Sono piccoli drappelli simpatici, dinamici.
La sera un grande albero li aspetta e li accoglie.
Foto* e testo: Silvana Boccardo
*Note dell’autore
Tutte le immagini presenti sono state realizzate con una fotocamera bridge Nikon Coolpix P900.
Per quanto riguarda i ritratti, le condizioni di luce non ottimali, per la posizione piuttosto chiusa dal cemento, hanno richiesto ISO 400 e tempi di esposizione brevi, ma non troppo per fare in modo che foto non risultassero scure.
Nella speranza di ottenere foto nitide, è stata generalmente rispettata la regola che lega la distanza focale utilizzata con il tempo di esposizione, dove questo deve essere uguale/maggiore della distanza focale apparente.
La stessa regola è stata rispettata per le foto di uccelli in volo.

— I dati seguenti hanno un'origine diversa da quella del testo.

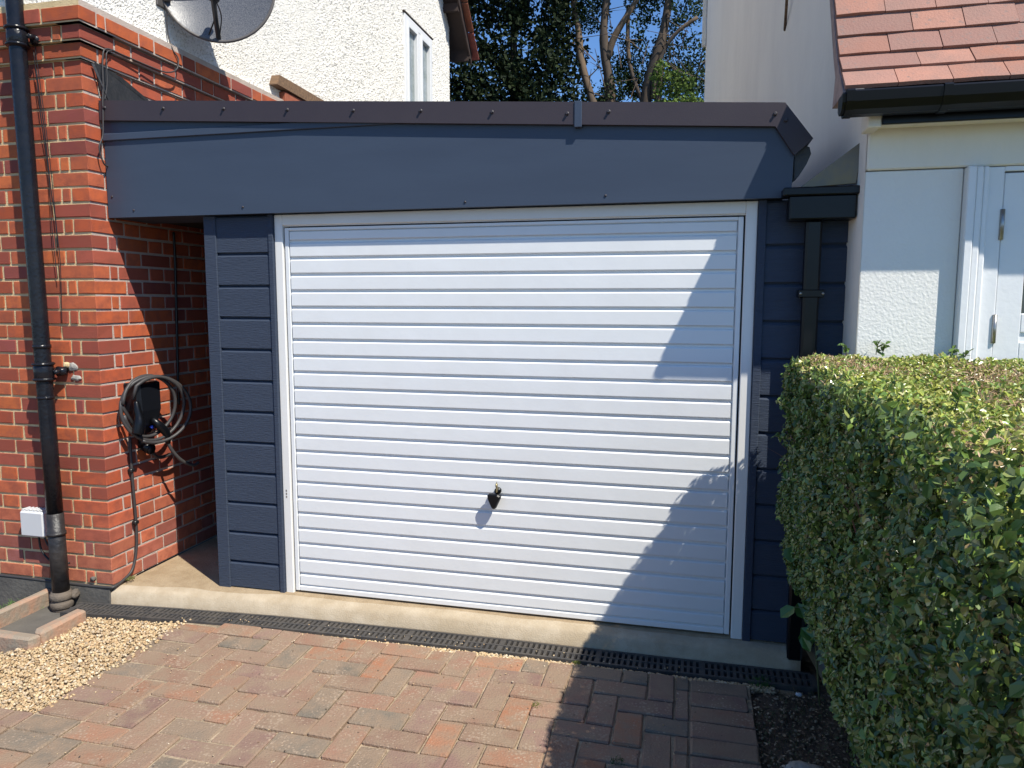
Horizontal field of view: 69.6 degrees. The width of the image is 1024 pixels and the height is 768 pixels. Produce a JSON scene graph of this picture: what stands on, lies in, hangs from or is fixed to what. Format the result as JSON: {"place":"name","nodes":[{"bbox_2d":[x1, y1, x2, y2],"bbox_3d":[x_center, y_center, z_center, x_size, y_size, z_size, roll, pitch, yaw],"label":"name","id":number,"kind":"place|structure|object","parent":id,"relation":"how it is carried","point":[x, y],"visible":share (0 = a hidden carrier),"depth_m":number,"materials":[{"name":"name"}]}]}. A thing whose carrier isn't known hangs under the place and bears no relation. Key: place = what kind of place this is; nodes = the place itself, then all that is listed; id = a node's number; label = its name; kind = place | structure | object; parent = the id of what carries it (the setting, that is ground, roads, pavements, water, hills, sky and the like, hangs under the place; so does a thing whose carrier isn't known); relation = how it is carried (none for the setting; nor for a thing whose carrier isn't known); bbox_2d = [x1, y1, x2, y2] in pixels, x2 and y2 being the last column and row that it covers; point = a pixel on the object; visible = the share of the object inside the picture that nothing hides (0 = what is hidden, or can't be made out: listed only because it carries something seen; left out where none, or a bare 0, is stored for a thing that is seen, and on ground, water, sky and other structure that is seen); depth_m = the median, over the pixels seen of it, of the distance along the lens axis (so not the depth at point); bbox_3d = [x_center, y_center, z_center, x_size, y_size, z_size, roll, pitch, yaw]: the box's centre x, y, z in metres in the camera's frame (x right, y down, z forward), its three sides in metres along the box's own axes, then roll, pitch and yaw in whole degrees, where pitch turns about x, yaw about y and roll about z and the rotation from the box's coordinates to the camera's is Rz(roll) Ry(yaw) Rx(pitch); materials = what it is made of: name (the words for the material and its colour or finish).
{"place":"outdoors","nodes":[
{"label":"outdoors","id":0,"kind":"place"},
{"bbox_2d":[0,708,32,734],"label":"path paving","id":1,"kind":"structure","parent":0,"point":[9,719],"depth_m":2.78,"materials":[{"name":"stone"}]},
{"bbox_2d":[0,622,761,767],"bbox_3d":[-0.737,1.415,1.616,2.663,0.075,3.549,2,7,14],"label":"driveway paving","id":2,"kind":"structure","parent":0,"point":[715,717],"depth_m":2.80,"materials":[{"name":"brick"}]},
{"bbox_2d":[29,628,736,764],"bbox_3d":[-0.445,1.270,2.617,2.551,0.007,1.419,2,7,14],"label":"paving debris","id":3,"kind":"object","parent":2,"relation":"on","point":[373,705],"visible":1,"depth_m":2.84,"materials":[{"name":"beige stone"}]},
{"bbox_2d":[610,755,624,764],"bbox_3d":[0.361,1.282,2.511,0.051,0.013,0.056,2,7,14],"label":"weed","id":4,"kind":"object","parent":2,"relation":"on","point":[616,760],"visible":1,"depth_m":2.51,"materials":[{"name":"green plant"}]},
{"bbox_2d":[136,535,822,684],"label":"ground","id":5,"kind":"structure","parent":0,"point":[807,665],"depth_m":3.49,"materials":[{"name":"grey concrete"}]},
{"bbox_2d":[0,0,478,608],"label":"brick house","id":6,"kind":"structure","parent":5,"relation":"on","point":[112,308],"depth_m":3.90,"materials":[{"name":"red brick"}]},
{"bbox_2d":[20,506,46,537],"bbox_3d":[-2.489,0.722,3.853,0.149,0.145,0.063,2,7,14],"label":"junction box","id":7,"kind":"object","parent":6,"relation":"attached to","point":[33,522],"visible":0.89,"depth_m":3.82,"materials":[{"name":"white plastic"}]},
{"bbox_2d":[38,537,69,563],"bbox_3d":[-2.403,0.870,3.858,0.182,0.152,0.017,1,6,11],"label":"cable","id":8,"kind":"object","parent":7,"relation":"attached to","point":[41,549],"visible":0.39,"depth_m":3.87,"materials":[{"name":"black rubber"}]},
{"bbox_2d":[3,0,81,612],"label":"soil pipe","id":9,"kind":"object","parent":6,"relation":"attached to","point":[63,595],"visible":0.98,"depth_m":3.63,"materials":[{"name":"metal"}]},
{"bbox_2d":[33,45,61,317],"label":"hanging wires","id":10,"kind":"object","parent":6,"relation":"hanging from","point":[48,168],"visible":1,"depth_m":3.62,"materials":[{"name":"black plastic"}]},
{"bbox_2d":[0,437,138,588],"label":"armoured cable","id":11,"kind":"object","parent":6,"relation":"attached to","point":[131,471],"visible":0.93,"depth_m":3.91,"materials":[{"name":"grey rubber"}]},
{"bbox_2d":[98,10,178,166],"bbox_3d":[-1.952,-1.574,3.846,0.043,0.935,0.576,2,7,17],"label":"coaxial cable","id":12,"kind":"object","parent":6,"relation":"attached to","point":[103,98],"visible":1,"depth_m":3.63,"materials":[{"name":"black plastic"}]},
{"bbox_2d":[123,380,160,454],"bbox_3d":[-1.966,0.183,3.948,0.094,0.393,0.180,2,7,14],"label":"car charger","id":13,"kind":"object","parent":6,"relation":"attached to","point":[148,395],"visible":0.71,"depth_m":3.92,"materials":[{"name":"black plastic"}]},
{"bbox_2d":[119,374,199,466],"bbox_3d":[-1.896,0.213,3.957,0.172,0.542,0.417,2,7,14],"label":"charging cable","id":14,"kind":"object","parent":13,"relation":"attached to","point":[137,430],"visible":0.98,"depth_m":3.94,"materials":[{"name":"grey rubber"}]},
{"bbox_2d":[172,232,179,404],"bbox_3d":[-1.925,-0.372,4.220,0.014,0.984,0.042,2,7,14],"label":"wall conduit","id":15,"kind":"object","parent":6,"relation":"attached to","point":[176,314],"depth_m":4.22,"materials":[{"name":"black plastic"}]},
{"bbox_2d":[155,0,274,42],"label":"satellite dish","id":16,"kind":"object","parent":6,"relation":"attached to","point":[223,21],"visible":1,"depth_m":4.10,"materials":[{"name":"grey metal"},{"name":"black plastic"}]},
{"bbox_2d":[402,9,432,100],"bbox_3d":[-0.998,-3.034,7.779,0.074,1.450,0.843,2,7,14],"label":"window","id":17,"kind":"structure","parent":6,"relation":"in","point":[417,43],"depth_m":7.67,"materials":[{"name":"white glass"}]},
{"bbox_2d":[0,617,803,765],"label":"gravel","id":18,"kind":"structure","parent":5,"relation":"on","point":[76,639],"depth_m":3.23,"materials":[{"name":"beige gravel"}]},
{"bbox_2d":[60,602,817,694],"bbox_3d":[-0.494,1.226,3.440,3.597,0.091,0.188,1,6,12],"label":"channel drain","id":19,"kind":"object","parent":18,"relation":"on","point":[789,680],"visible":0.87,"depth_m":3.38,"materials":[{"name":"plastic"}]},
{"bbox_2d":[748,675,774,688],"bbox_3d":[1.024,1.231,3.038,0.107,0.039,0.114,-2,7,-20],"label":"weed","id":20,"kind":"object","parent":18,"relation":"on","point":[761,684],"visible":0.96,"depth_m":3.03,"materials":[{"name":"green plant"}]},
{"bbox_2d":[111,536,800,670],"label":"concrete slab","id":21,"kind":"structure","parent":5,"relation":"on","point":[188,579],"depth_m":3.54,"materials":[{"name":"beige concrete"}]},
{"bbox_2d":[125,576,134,580],"bbox_3d":[-2.020,1.025,3.886,0.055,0.018,0.060,-4,8,-35],"label":"weed","id":22,"kind":"object","parent":21,"relation":"on","point":[128,578],"visible":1,"depth_m":3.89,"materials":[{"name":"green plant"}]},
{"bbox_2d":[91,62,848,646],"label":"garage","id":23,"kind":"structure","parent":21,"relation":"on","point":[519,356],"depth_m":3.37,"materials":[{"name":"wood"}]},
{"bbox_2d":[285,217,743,633],"bbox_3d":[-0.073,0.180,3.406,2.129,1.822,0.076,2,7,14],"label":"garage door","id":24,"kind":"structure","parent":23,"relation":"in","point":[537,418],"depth_m":3.39,"materials":[{"name":"white paint"}]},
{"bbox_2d":[792,146,810,181],"bbox_3d":[1.178,-0.900,3.003,0.060,0.145,0.123,2,7,14],"label":"gutter end","id":25,"kind":"object","parent":23,"relation":"attached to","point":[801,157],"visible":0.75,"depth_m":2.95,"materials":[{"name":"black plastic"}]},
{"bbox_2d":[780,185,859,660],"bbox_3d":[1.216,0.201,3.026,0.281,1.963,0.115,2,7,14],"label":"rainwater hopper","id":26,"kind":"object","parent":23,"relation":"attached to","point":[813,208],"visible":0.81,"depth_m":2.94,"materials":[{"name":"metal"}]},
{"bbox_2d":[801,143,859,186],"bbox_3d":[1.248,-0.863,2.899,0.238,0.174,0.088,2,7,14],"label":"metal flashing","id":27,"kind":"object","parent":26,"relation":"on","point":[843,170],"visible":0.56,"depth_m":2.88,"materials":[{"name":"grey metal"}]},
{"bbox_2d":[449,0,591,101],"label":"evergreen tree","id":28,"kind":"object","parent":5,"relation":"on","point":[517,78],"visible":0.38,"depth_m":14.96,"materials":[{"name":"green plant"}]},
{"bbox_2d":[571,0,705,101],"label":"multi stem tree","id":29,"kind":"object","parent":5,"relation":"on","point":[631,79],"visible":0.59,"depth_m":14.84,"materials":[{"name":"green plant"}]},
{"bbox_2d":[649,58,703,101],"bbox_3d":[3.243,-3.024,14.234,1.453,6.335,1.094,2,7,14],"label":"bright shrub","id":30,"kind":"object","parent":5,"relation":"on","point":[692,98],"visible":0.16,"depth_m":14.01,"materials":[{"name":"green plant"}]},
{"bbox_2d":[749,685,861,767],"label":"soil bed","id":31,"kind":"object","parent":5,"relation":"on","point":[774,707],"visible":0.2,"depth_m":2.73,"materials":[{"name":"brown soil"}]},
{"bbox_2d":[780,546,820,705],"bbox_3d":[1.115,0.897,2.823,0.167,0.714,0.135,2,7,14],"label":"bramble sapling","id":32,"kind":"object","parent":31,"relation":"on","point":[804,637],"visible":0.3,"depth_m":2.82,"materials":[{"name":"green plant"}]},
{"bbox_2d":[779,761,823,767],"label":"concrete lump","id":33,"kind":"object","parent":31,"relation":"on","point":[797,764],"visible":0.99,"depth_m":2.49,"materials":[{"name":"grey concrete"}]},
{"bbox_2d":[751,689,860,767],"bbox_3d":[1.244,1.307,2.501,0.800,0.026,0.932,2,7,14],"label":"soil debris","id":34,"kind":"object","parent":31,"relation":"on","point":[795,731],"visible":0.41,"depth_m":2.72,"materials":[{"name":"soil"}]},
{"bbox_2d":[768,340,1023,767],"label":"privet hedge","id":35,"kind":"object","parent":31,"relation":"on","point":[900,509],"visible":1,"depth_m":1.44,"materials":[{"name":"green plant"}]},
{"bbox_2d":[702,0,1023,684],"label":"white house","id":36,"kind":"structure","parent":5,"relation":"on","point":[921,102],"depth_m":2.73,"materials":[{"name":"painted stucco render"},{"name":"clay tile"},{"name":"gloss wood"}]},
{"bbox_2d":[991,172,1023,377],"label":"front door","id":37,"kind":"structure","parent":36,"relation":"in","point":[1007,333],"depth_m":2.70,"materials":[{"name":"white plastic"}]},
{"bbox_2d":[449,0,706,101],"label":"sky","id":38,"kind":"structure","parent":0,"point":[593,42],"materials":[{"name":"blue"}]},
{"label":"soil bed","id":39,"kind":"structure","parent":0,"visible":0},
{"bbox_2d":[0,589,85,655],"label":"gully surround","id":40,"kind":"object","parent":39,"relation":"on","point":[31,621],"visible":0.64,"depth_m":3.60,"materials":[{"name":"concrete"}]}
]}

Per questa tipologia di foto suggerisco di utilizzare la fotocamera in priorità di tempi S (o TV), con esposizione di 1/1000”, in modo che le immagini risultino con maggiore probabilità ferme e non mosse.
Un’altra difficoltà grossa che sempre mi si presenta è la messa a fuoco tempestiva e il tempo di avvicinamento dell’immagine che devono essere eseguiti in modo fermo e deciso, preferibilmente con appoggio stabilizzante di fortuna, in quanto non avevo predisposto il cavalletto.
Un muretto e la barra orizzontale di protezione, sono risultati molto utili come appoggio.